* Extracted material
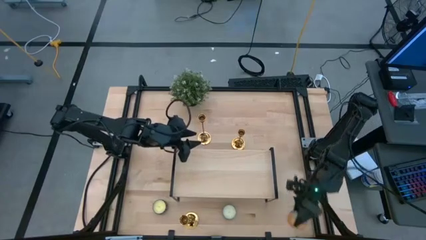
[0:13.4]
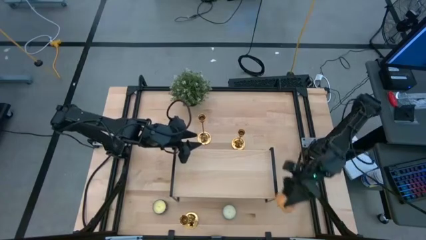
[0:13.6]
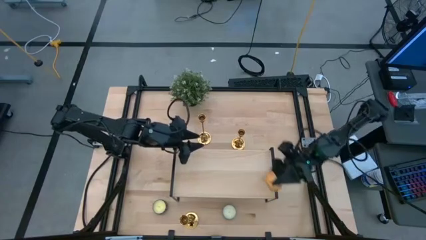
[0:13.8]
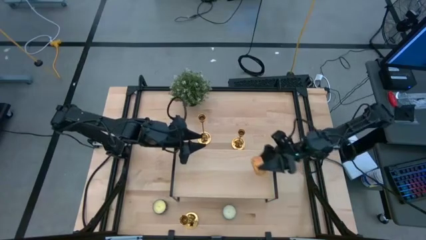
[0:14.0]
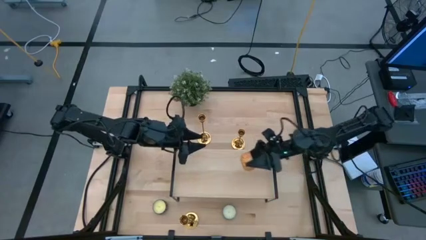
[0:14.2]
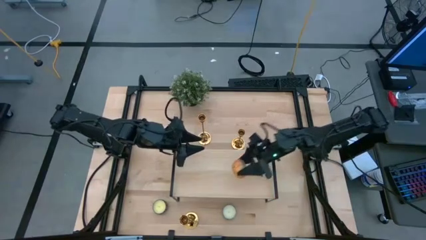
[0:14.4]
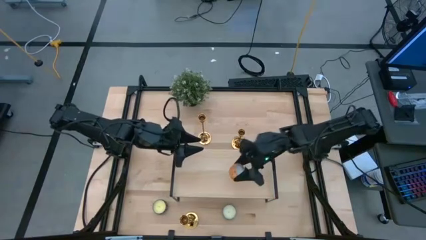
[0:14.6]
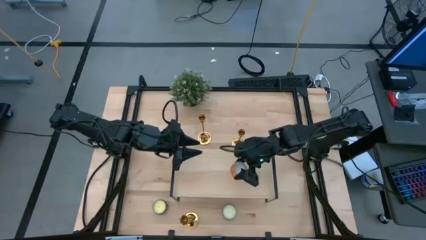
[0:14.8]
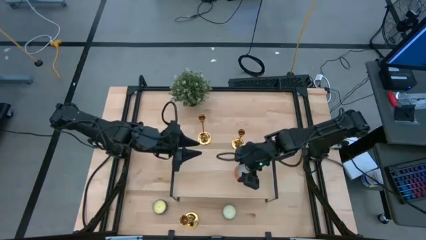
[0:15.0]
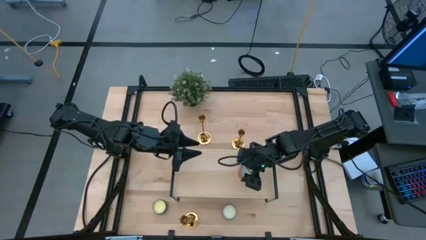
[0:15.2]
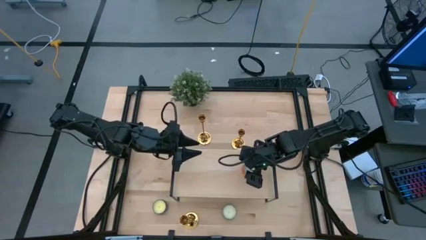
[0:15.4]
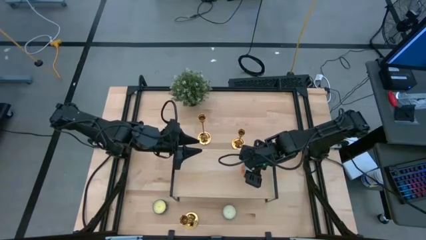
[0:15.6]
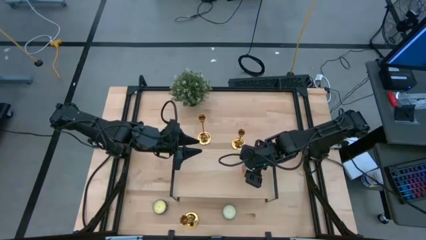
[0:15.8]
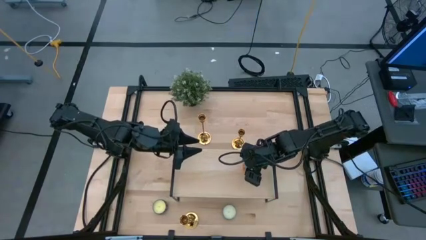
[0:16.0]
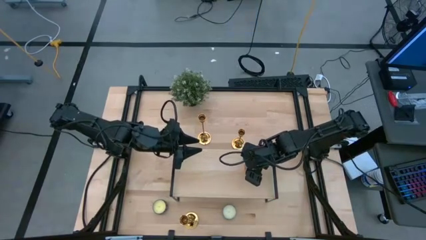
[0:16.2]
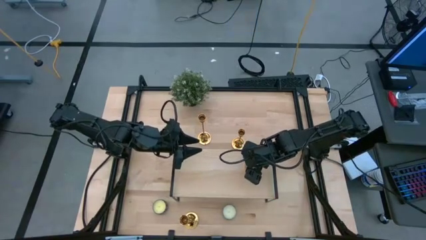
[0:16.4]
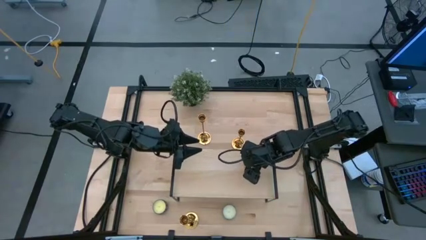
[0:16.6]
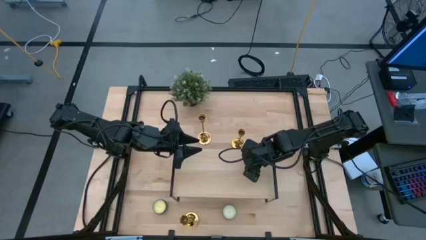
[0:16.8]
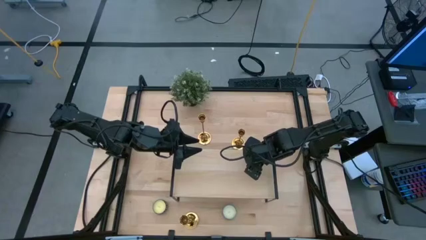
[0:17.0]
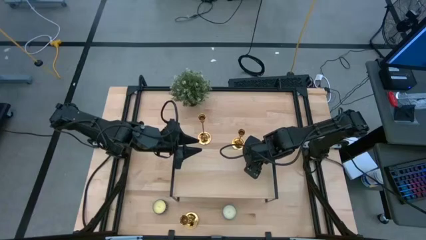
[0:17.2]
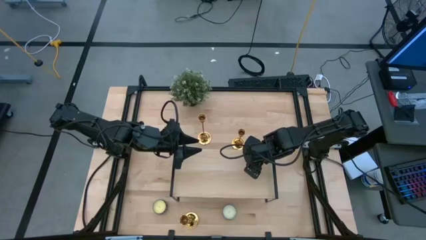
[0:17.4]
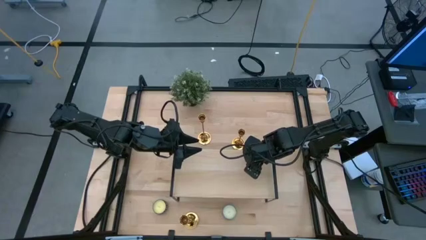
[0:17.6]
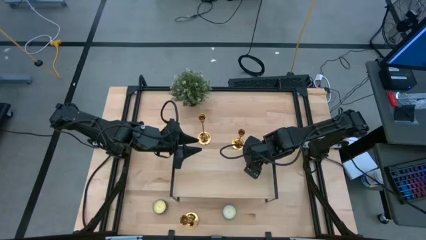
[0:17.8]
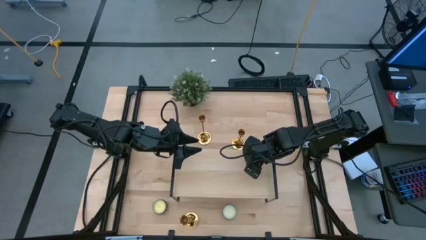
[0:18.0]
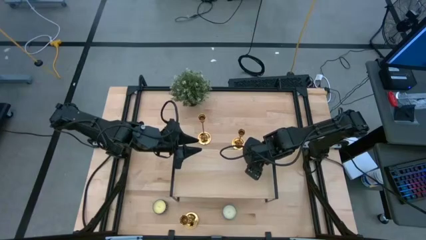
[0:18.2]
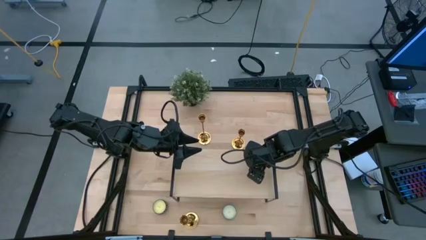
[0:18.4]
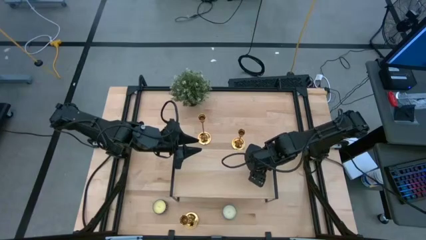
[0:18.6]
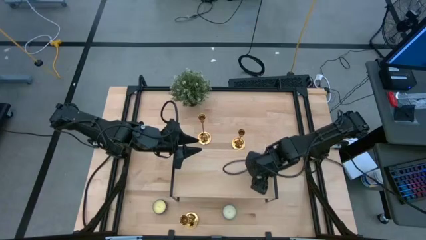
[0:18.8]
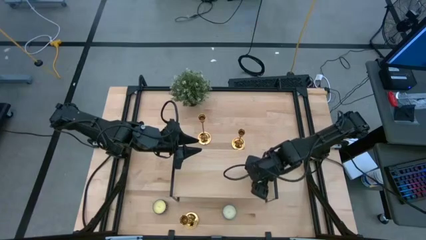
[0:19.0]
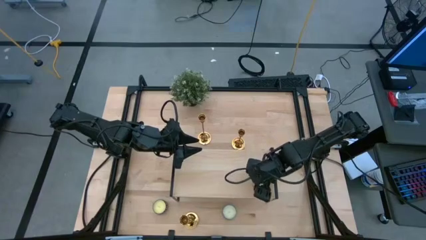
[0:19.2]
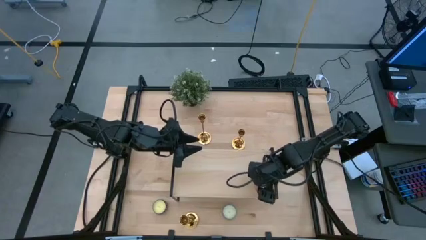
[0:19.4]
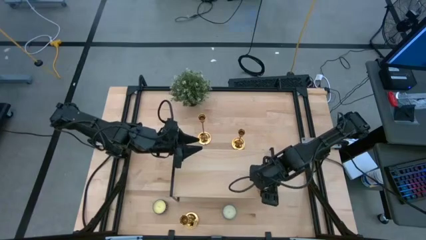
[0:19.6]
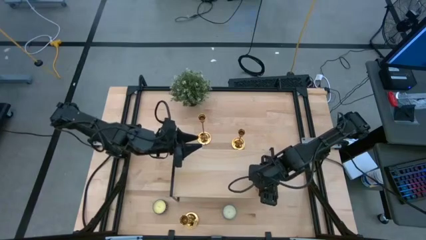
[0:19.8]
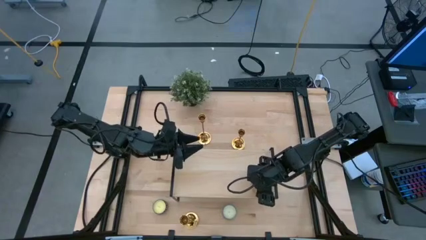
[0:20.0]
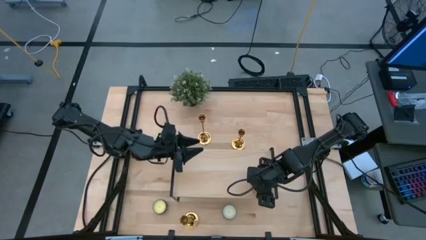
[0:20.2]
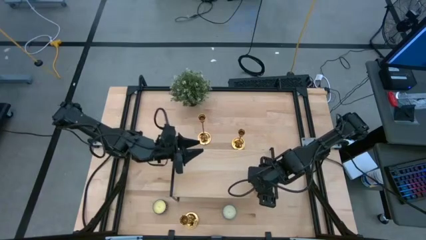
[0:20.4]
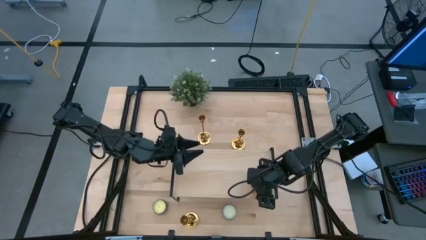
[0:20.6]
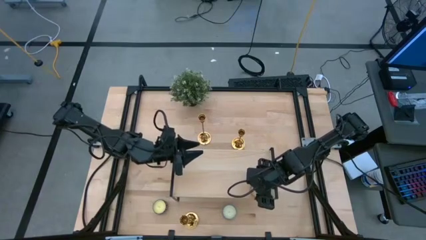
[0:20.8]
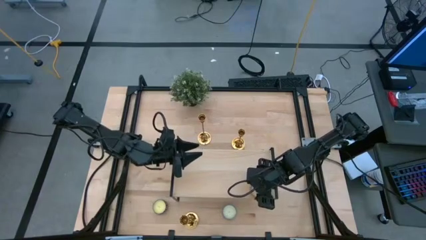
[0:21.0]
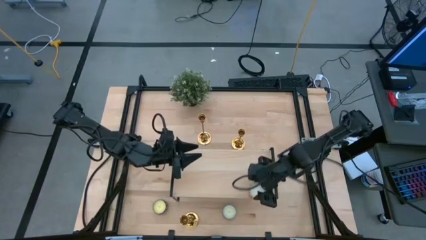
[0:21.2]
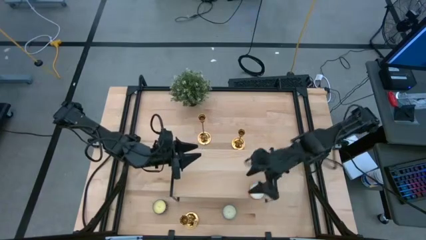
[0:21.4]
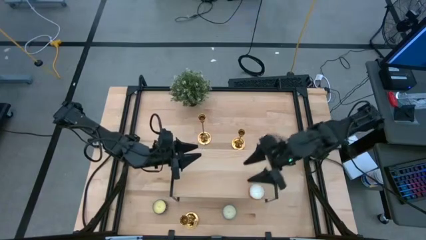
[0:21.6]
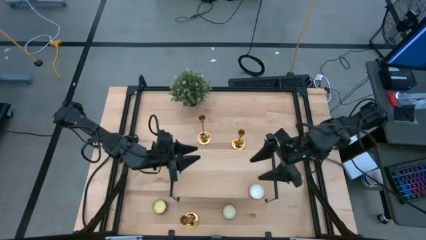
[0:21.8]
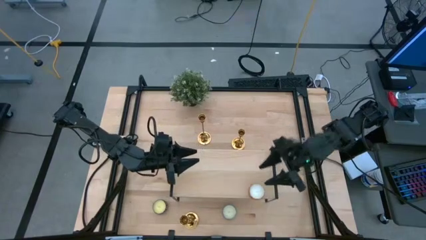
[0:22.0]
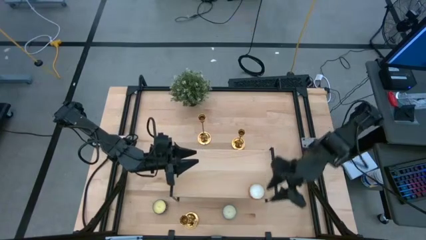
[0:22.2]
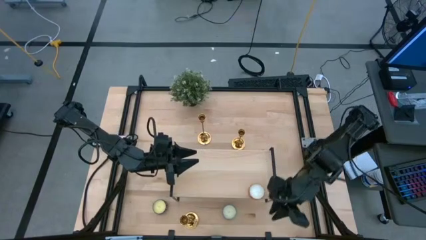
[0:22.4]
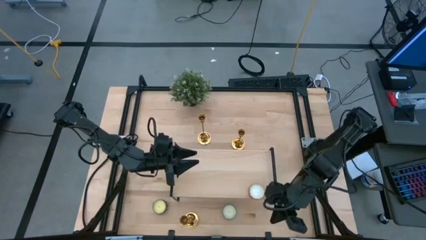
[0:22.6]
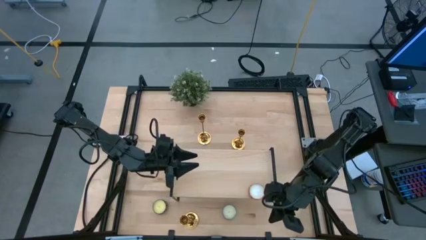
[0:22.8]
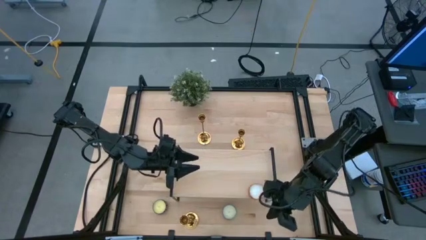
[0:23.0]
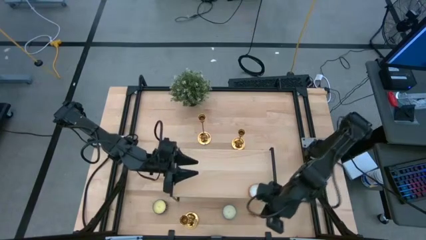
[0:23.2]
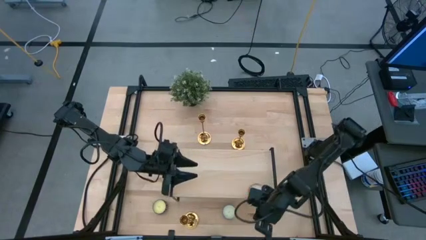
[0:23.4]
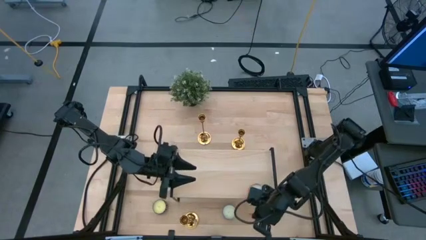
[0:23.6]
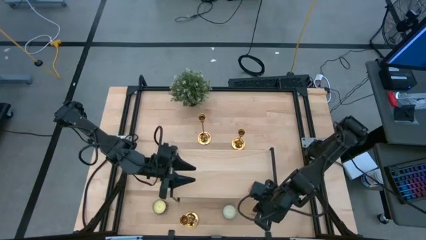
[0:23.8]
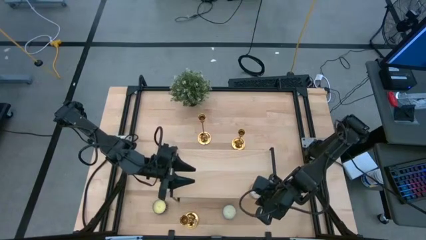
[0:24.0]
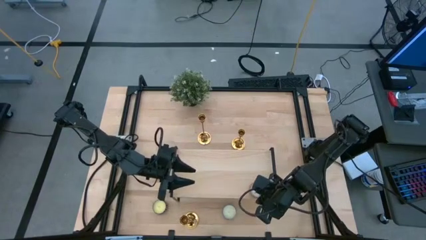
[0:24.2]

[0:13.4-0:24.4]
Task: Pick & Place candle stick holders
Put the orange scented candle on the shelf

* Your objective
In the copy, omit the pictures and reproduce every entry exactly.

* Exercise output
[0:13.4]
[0:13.6]
[0:13.8]
[0:14.0]
[0:14.2]
[0:14.4]
[0:14.6]
[0:14.8]
[0:15.0]
[0:15.2]
[0:15.4]
[0:15.6]
[0:15.8]
[0:16.0]
[0:16.2]
[0:16.4]
[0:16.6]
[0:16.8]
[0:17.0]
[0:17.2]
[0:17.4]
[0:17.6]
[0:17.8]
[0:18.0]
[0:18.2]
[0:18.4]
[0:18.6]
[0:18.8]
[0:19.0]
[0:19.2]
[0:19.4]
[0:19.6]
[0:19.8]
[0:20.0]
[0:20.2]
[0:20.4]
[0:20.6]
[0:20.8]
[0:21.0]
[0:21.2]
[0:21.4]
[0:21.6]
[0:21.8]
[0:22.0]
[0:22.2]
[0:22.4]
[0:22.6]
[0:22.8]
[0:23.0]
[0:23.2]
[0:23.4]
[0:23.6]
[0:23.8]
[0:24.0]
[0:24.2]

[0:13.4-0:24.4]
Task: Pick & Place candle stick holders
Put the orange scented candle on the shelf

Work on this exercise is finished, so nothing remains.